From the approach you provided below; couldn’t the esQueryResults still be
determined at runtime?
~Sean
From: Evan Galpin <[email protected]>
Date: Monday, April 24, 2023 at 2:18 PM
To: user <[email protected]>
Cc: Anthony Samy, Charles <[email protected]>, Murphy, Sean P.
<[email protected]>
Subject: [EXTERNAL] Re: Re: Q: Apache Beam IOElasticsearchIO.read() method
(Java), which expects a PBegin input and a means to handle a collection of
queries
Redirecting to the user mailing list as well to hopefully help the community if
others face similar issues in the future. All of the solutions in the thread
so far involve making changes to the OSS Beam ElasticsearchIO codebase, which
is the best long-term path and the path I would encourage. That said, I
understand that doing so is not always feasible depending on timelines etc. Is
your set of queries countable? Can they be known at pipeline compilation time?
Not the most elegant solution, but you could potentially iterate over them if
they can be known at compile time:
List<PCollection<String>> esQueryResults = new ArrayList<>();
for (String queryString : myKnownQueryStrings) {
esQueryResults.add(p
.apply(ElasticsearchIO.read()
.withConnectionConfiguration(
ElasticsearchIO.ConnectionConfiguration.create(hosts,
indexName))
.withQuery(queryString))
);
}
PCollectionList<String> resultsList = PCollectionList.empty(p);
for (PCollection<String> qResults : esQueryResults) {
resultsList.and(qResults);
}
resultsList
.apply(Flatten.pCollections())
.apply(...);
On Mon, Apr 24, 2023 at 10:39 AM Murphy, Sean P.
<[email protected]<mailto:[email protected]>> wrote:
Any other thoughts? I’ve run out of ideas. Thanks, ~Sean
From: Murphy, Sean P. <[email protected]<mailto:[email protected]>>
Date: Friday, April 21, 2023 at 11:00 AM
To: Alexey Romanenko
<[email protected]<mailto:[email protected]>>, Evan Galpin
<[email protected]<mailto:[email protected]>>
Cc: Anthony Samy, Charles
<[email protected]<mailto:[email protected]>>,
[email protected]<mailto:[email protected]>
<[email protected]<mailto:[email protected]>>
Subject: Re: [EXTERNAL] Re: Q: Apache Beam IOElasticsearchIO.read() method
(Java), which expects a PBegin input and a means to handle a collection of
queries
Thank you, Alexey.
The issue isn’t with the split itself, but how to introduce the Create.of (or
similar) using the in a similar fashion as was described for the FileIO
approach. I may have missed something, but I’m not sure I can implement the
same approach using ElasticsearchIO. Thanks, ~Sean
apply(MapElements
// uses imports from TypeDescriptors
.into(kvs(strings(), strings()))
.via((ReadableFile f) -> {
try {
return KV.of(
f.getMetadata().resourceId().toString(),
f.readFullyAsUTF8String());
} catch (IOException ex) {
throw new RuntimeException("Failed to read the file", ex);
}
}));
From: Alexey Romanenko
<[email protected]<mailto:[email protected]>>
Date: Friday, April 21, 2023 at 5:20 AM
To: Murphy, Sean P. <[email protected]<mailto:[email protected]>>
Cc: Anthony Samy, Charles
<[email protected]<mailto:[email protected]>>,
[email protected]<mailto:[email protected]>
<[email protected]<mailto:[email protected]>>
Subject: [EXTERNAL] Re: Q: Apache Beam IOElasticsearchIO.read() method (Java),
which expects a PBegin input and a means to handle a collection of queries
Yes, “ReadAll” doesn’t exist for ElasticsearchIO, it has to be implemented
(btw, it would be a good contribution for Beam!). I’d say that "SplitFn()" is
rather optional and specific for this example of SolrIO, that I showed before.

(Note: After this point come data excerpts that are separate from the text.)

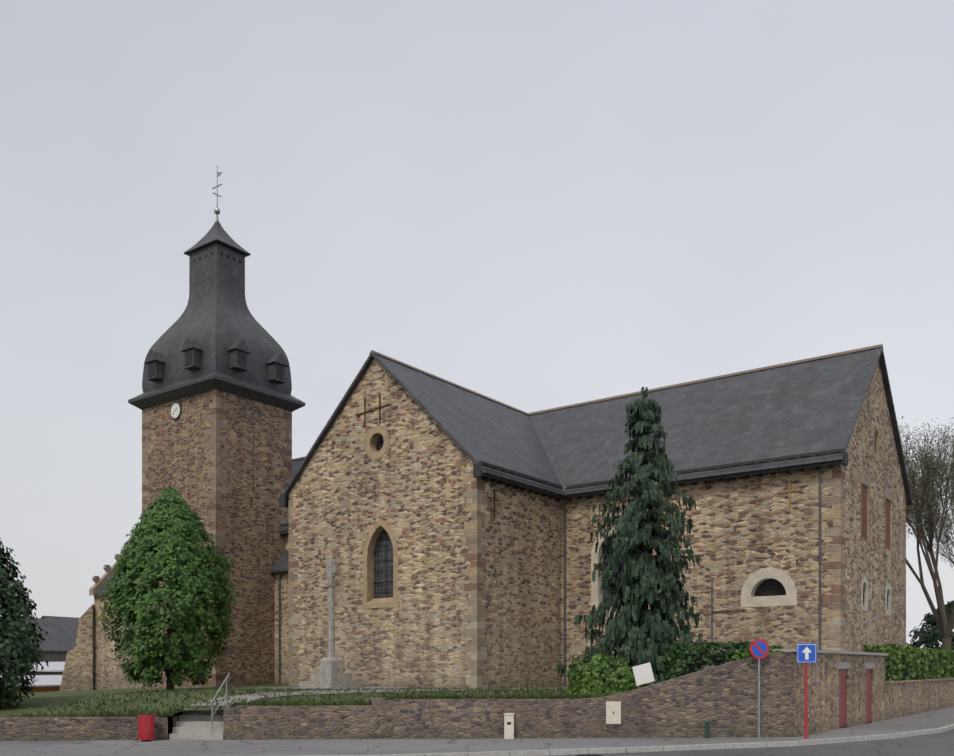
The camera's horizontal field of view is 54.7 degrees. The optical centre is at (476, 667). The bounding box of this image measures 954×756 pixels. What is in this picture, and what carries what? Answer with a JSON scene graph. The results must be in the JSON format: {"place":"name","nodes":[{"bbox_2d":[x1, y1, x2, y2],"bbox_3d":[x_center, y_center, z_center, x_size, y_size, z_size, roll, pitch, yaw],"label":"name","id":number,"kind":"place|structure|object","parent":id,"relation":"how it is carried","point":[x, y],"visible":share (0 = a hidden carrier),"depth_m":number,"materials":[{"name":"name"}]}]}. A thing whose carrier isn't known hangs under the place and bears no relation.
{"place":"outdoors","nodes":[
{"label":"outdoors","id":0,"kind":"place"},
{"bbox_2d":[41,616,78,620],"bbox_3d":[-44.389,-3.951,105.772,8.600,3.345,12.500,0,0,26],"label":"roof ridge","id":1,"kind":"structure","parent":0,"point":[57,617],"depth_m":101.85,"materials":[{"name":"grey metal"}]},
{"bbox_2d":[142,389,291,688],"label":"church tower walls","id":2,"kind":"structure","parent":0,"point":[178,452],"depth_m":51.93,"materials":[{"name":"brown stone"}]},
{"bbox_2d":[170,402,181,419],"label":"tower clock","id":3,"kind":"object","parent":2,"relation":"attached to","point":[175,410],"visible":1,"depth_m":52.00,"materials":[{"name":"white"}]},
{"bbox_2d":[128,372,305,411],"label":"tower cornice","id":4,"kind":"structure","parent":2,"relation":"on","point":[214,381],"depth_m":51.73,"materials":[{"name":"grey stone"}]},
{"bbox_2d":[142,221,291,394],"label":"tower roof","id":5,"kind":"structure","parent":4,"relation":"on","point":[216,326],"depth_m":52.78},
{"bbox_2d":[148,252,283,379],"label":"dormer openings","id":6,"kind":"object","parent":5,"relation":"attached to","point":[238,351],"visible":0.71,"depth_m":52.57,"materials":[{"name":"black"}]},
{"bbox_2d":[148,350,283,378],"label":"dormer louvers","id":7,"kind":"object","parent":6,"relation":"in","point":[238,363],"visible":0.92,"depth_m":51.04,"materials":[{"name":"grey wood"}]},
{"bbox_2d":[212,166,222,221],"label":"weather vane","id":8,"kind":"object","parent":5,"relation":"on","point":[217,211],"visible":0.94,"depth_m":54.18,"materials":[{"name":"grey metal"}]},
{"bbox_2d":[0,684,620,716],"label":"yard lawn","id":9,"kind":"structure","parent":0,"point":[43,702],"depth_m":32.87,"materials":[{"name":"green plant"}]},
{"bbox_2d":[0,538,48,706],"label":"tree","id":10,"kind":"object","parent":9,"relation":"on","point":[11,608],"depth_m":30.79,"materials":[{"name":"green plant"}]},
{"bbox_2d":[0,675,62,692],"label":"house","id":11,"kind":"structure","parent":9,"relation":"on","point":[46,683],"depth_m":66.22,"materials":[{"name":"white paint"}]},
{"bbox_2d":[0,671,62,675],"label":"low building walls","id":12,"kind":"structure","parent":9,"relation":"on","point":[47,673],"depth_m":73.94,"materials":[{"name":"grey paint"}]},
{"bbox_2d":[29,662,64,671],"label":"house wall","id":13,"kind":"structure","parent":12,"relation":"on","point":[56,667],"depth_m":76.50,"materials":[{"name":"white paint"}]},
{"bbox_2d":[3,651,66,661],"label":"dark house walls","id":14,"kind":"structure","parent":9,"relation":"on","point":[55,656],"depth_m":88.88,"materials":[{"name":"grey paint"}]},
{"bbox_2d":[0,618,78,651],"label":"house roof","id":15,"kind":"structure","parent":14,"relation":"on","point":[61,635],"depth_m":91.65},
{"bbox_2d":[95,486,240,689],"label":"hornbeam tree","id":16,"kind":"object","parent":9,"relation":"on","point":[165,540],"depth_m":40.53,"materials":[{"name":"green plant"}]},
{"bbox_2d":[60,571,288,690],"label":"church walls","id":17,"kind":"structure","parent":9,"relation":"on","point":[78,671],"depth_m":65.09,"materials":[{"name":"stone"}]},
{"bbox_2d":[89,540,141,595],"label":"coping stones","id":18,"kind":"object","parent":17,"relation":"on","point":[98,581],"visible":0.19,"depth_m":66.05,"materials":[{"name":"grey stone"}]},
{"bbox_2d":[299,557,362,687],"bbox_3d":[-6.134,-1.783,38.829,1.900,5.720,1.900,0,0,36],"label":"stone cross","id":19,"kind":"object","parent":9,"relation":"on","point":[330,674],"visible":0.94,"depth_m":38.67,"materials":[{"name":"stone"}]},
{"bbox_2d":[94,391,905,688],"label":"corner quoins","id":20,"kind":"object","parent":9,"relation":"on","point":[835,612],"visible":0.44,"depth_m":37.88,"materials":[{"name":"brown stone"}]},
{"bbox_2d":[563,653,632,695],"bbox_3d":[4.111,0.343,30.598,2.094,1.672,2.186,0,0,-28],"label":"shrub","id":21,"kind":"object","parent":9,"relation":"on","point":[605,688],"depth_m":30.10,"materials":[{"name":"green plant"}]},
{"bbox_2d":[609,664,656,693],"bbox_3d":[4.956,0.514,30.178,1.785,1.225,1.774,0,0,1],"label":"shrub","id":22,"kind":"object","parent":9,"relation":"on","point":[628,676],"depth_m":29.57,"materials":[{"name":"green plant"}]},
{"bbox_2d":[557,387,711,691],"bbox_3d":[6.088,-3.959,33.171,6.372,12.229,6.603,0,0,1],"label":"spruce tree","id":23,"kind":"object","parent":9,"relation":"on","point":[646,588],"depth_m":32.43,"materials":[{"name":"green plant"}]},
{"bbox_2d":[632,662,654,687],"bbox_3d":[5.180,0.491,28.516,0.814,1.295,0.062,0,0,-11],"label":"notice board","id":24,"kind":"object","parent":9,"relation":"on","point":[643,673],"visible":0.76,"depth_m":28.48,"materials":[{"name":"white paint"}]},
{"bbox_2d":[701,666,714,669],"bbox_3d":[8.365,0.787,29.214,2.765,1.680,1.886,0,0,1],"label":"yard wall wedge","id":25,"kind":"object","parent":9,"relation":"on","point":[704,667],"visible":0.09,"depth_m":28.32,"materials":[{"name":"stone"}]},
{"bbox_2d":[660,641,783,680],"bbox_3d":[7.829,0.108,29.325,3.829,1.962,1.980,0,0,1],"label":"hedge","id":26,"kind":"object","parent":9,"relation":"on","point":[671,668],"depth_m":28.70,"materials":[{"name":"green plant"}]},
{"bbox_2d":[722,652,884,736],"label":"annex walls","id":27,"kind":"structure","parent":9,"relation":"on","point":[823,694],"depth_m":31.46,"materials":[{"name":"brown stone"}]},
{"bbox_2d":[688,649,887,668],"bbox_3d":[11.768,-0.263,33.792,3.600,0.620,11.650,0,0,36],"label":"coping","id":28,"kind":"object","parent":27,"relation":"on","point":[843,665],"depth_m":32.34,"materials":[{"name":"grey concrete"}]},
{"bbox_2d":[839,669,870,727],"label":"doors","id":29,"kind":"structure","parent":27,"relation":"in","point":[842,697],"depth_m":32.81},
{"bbox_2d":[187,687,567,705],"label":"yard path","id":30,"kind":"structure","parent":0,"point":[256,695],"depth_m":33.60,"materials":[{"name":"gravel"}]},
{"bbox_2d":[0,652,794,740],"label":"yard wall","id":31,"kind":"structure","parent":0,"point":[722,699],"depth_m":27.69,"materials":[{"name":"brown stone"}]},
{"bbox_2d":[732,648,797,669],"bbox_3d":[8.918,-0.250,28.550,2.095,0.721,1.097,0,0,1],"label":"annex ivy","id":32,"kind":"object","parent":31,"relation":"on","point":[740,654],"depth_m":28.25,"materials":[{"name":"green plant"}]},
{"bbox_2d":[289,358,560,688],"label":"church south transept walls","id":33,"kind":"structure","parent":0,"point":[409,487],"depth_m":40.31,"materials":[{"name":"brown stone"}]},
{"bbox_2d":[0,707,953,755],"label":"pavement","id":34,"kind":"structure","parent":0,"point":[938,718],"depth_m":25.43,"materials":[{"name":"concrete"}]},
{"bbox_2d":[137,713,154,741],"bbox_3d":[-9.520,1.727,26.561,0.490,0.800,0.505,0,0,1],"label":"litter bin","id":35,"kind":"object","parent":34,"relation":"on","point":[146,727],"visible":1,"depth_m":26.37,"materials":[{"name":"red paint"}]},
{"bbox_2d":[169,708,223,739],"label":"yard steps","id":36,"kind":"structure","parent":34,"relation":"on","point":[193,724],"depth_m":27.67,"materials":[{"name":"grey concrete"}]},
{"bbox_2d":[209,673,229,733],"bbox_3d":[-7.787,1.062,27.918,0.044,1.790,2.019,0,0,1],"label":"handrail","id":37,"kind":"object","parent":36,"relation":"on","point":[211,705],"visible":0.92,"depth_m":27.49,"materials":[{"name":"silver metal"}]},
{"bbox_2d":[504,701,620,738],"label":"utility boxes","id":38,"kind":"object","parent":34,"relation":"on","point":[613,712],"visible":0.98,"depth_m":27.77,"materials":[{"name":"beige plastic"}]},
{"bbox_2d":[703,721,710,737],"bbox_3d":[6.912,1.859,27.702,0.240,0.535,0.154,0,0,1],"label":"hydrant post","id":39,"kind":"object","parent":34,"relation":"on","point":[706,726],"visible":1,"depth_m":27.64,"materials":[{"name":"green metal"}]},
{"bbox_2d":[750,639,768,737],"bbox_3d":[8.512,0.637,27.834,0.600,2.980,0.089,0,0,-7],"label":"no parking sign","id":40,"kind":"object","parent":34,"relation":"on","point":[759,649],"visible":1,"depth_m":27.81,"materials":[{"name":"red"}]},
{"bbox_2d":[797,643,816,738],"bbox_3d":[9.866,0.702,27.629,0.580,2.850,0.142,0,0,7],"label":"one-way sign","id":41,"kind":"object","parent":34,"relation":"on","point":[806,653],"visible":1,"depth_m":27.57,"materials":[{"name":"metal"}]},
{"bbox_2d":[0,0,953,647],"label":"sky","id":42,"kind":"structure","parent":0,"point":[528,206],"materials":[{"name":"grey"}]},
{"bbox_2d":[285,360,905,685],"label":"church walls","id":43,"kind":"structure","parent":0,"point":[743,530],"depth_m":38.19,"materials":[{"name":"brown stone"}]},
{"bbox_2d":[93,347,912,595],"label":"church roofs","id":44,"kind":"structure","parent":43,"relation":"on","point":[804,407],"depth_m":41.37,"materials":[{"name":"grey stone"}]},
{"bbox_2d":[292,344,882,460],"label":"church ridge tiles","id":45,"kind":"object","parent":44,"relation":"on","point":[674,385],"visible":0.27,"depth_m":44.44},
{"bbox_2d":[135,426,892,647],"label":"window surrounds","id":46,"kind":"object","parent":43,"relation":"in","point":[754,580],"depth_m":40.55,"materials":[{"name":"beige stone"}]},
{"bbox_2d":[373,436,784,598],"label":"window bars","id":47,"kind":"object","parent":46,"relation":"in","point":[771,585],"visible":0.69,"depth_m":37.63,"materials":[{"name":"black metal"}]},
{"bbox_2d":[374,434,889,609],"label":"windows","id":48,"kind":"structure","parent":46,"relation":"in","point":[386,574],"depth_m":41.10,"materials":[{"name":"black glass"}]},
{"bbox_2d":[253,400,842,685],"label":"gutters and downpipes","id":49,"kind":"object","parent":43,"relation":"attached to","point":[679,479],"visible":0.83,"depth_m":38.44,"materials":[{"name":"metal"}]},
{"bbox_2d":[279,448,847,534],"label":"church eaves","id":50,"kind":"object","parent":43,"relation":"attached to","point":[477,471],"visible":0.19,"depth_m":38.17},
{"bbox_2d":[356,393,800,517],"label":"church iron anchors","id":51,"kind":"object","parent":43,"relation":"attached to","point":[789,490],"visible":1,"depth_m":38.46,"materials":[{"name":"black metal"}]},
{"bbox_2d":[544,729,953,755],"bbox_3d":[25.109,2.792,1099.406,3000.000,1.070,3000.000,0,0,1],"label":"curb","id":52,"kind":"structure","parent":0,"point":[938,744],"depth_m":25.04,"materials":[{"name":"concrete"}]},
{"bbox_2d":[576,754,602,755],"bbox_3d":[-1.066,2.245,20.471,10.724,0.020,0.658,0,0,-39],"label":"drain grate","id":53,"kind":"object","parent":52,"relation":"on","point":[589,755],"visible":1,"depth_m":23.47,"materials":[{"name":"metal"}]},
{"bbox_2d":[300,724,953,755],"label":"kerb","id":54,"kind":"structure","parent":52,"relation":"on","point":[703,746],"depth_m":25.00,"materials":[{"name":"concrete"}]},
{"bbox_2d":[885,678,953,719],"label":"stone wall","id":55,"kind":"structure","parent":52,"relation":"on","point":[906,697],"depth_m":42.37,"materials":[{"name":"stone"}]},
{"bbox_2d":[863,643,953,680],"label":"hedge","id":56,"kind":"object","parent":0,"point":[910,652],"depth_m":44.13,"materials":[{"name":"green plant"}]},
{"bbox_2d":[898,416,953,657],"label":"budding tree","id":57,"kind":"object","parent":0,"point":[944,628],"depth_m":54.41,"materials":[{"name":"plant"}]},
{"bbox_2d":[906,600,953,649],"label":"bush","id":58,"kind":"object","parent":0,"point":[932,637],"depth_m":58.47,"materials":[{"name":"green plant"}]},
{"bbox_2d":[923,472,953,567],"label":"budding tree","id":59,"kind":"object","parent":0,"point":[942,539],"depth_m":65.42,"materials":[{"name":"plant"}]}
]}

The general idea of this is actually to evenly distribute all Reads across all
workers and split them, if possible, to have an equal load on your
Elasticsearch cluster.
I can’t say for sure what is a best way to implement it for Elasticsearch, so
I’d recommend you to discuss it with Evan Galpin, who is a main contributor and
maintaner of ElasticsearchIO.
—
Alexey
On 20 Apr 2023, at 18:52, Murphy, Sean P.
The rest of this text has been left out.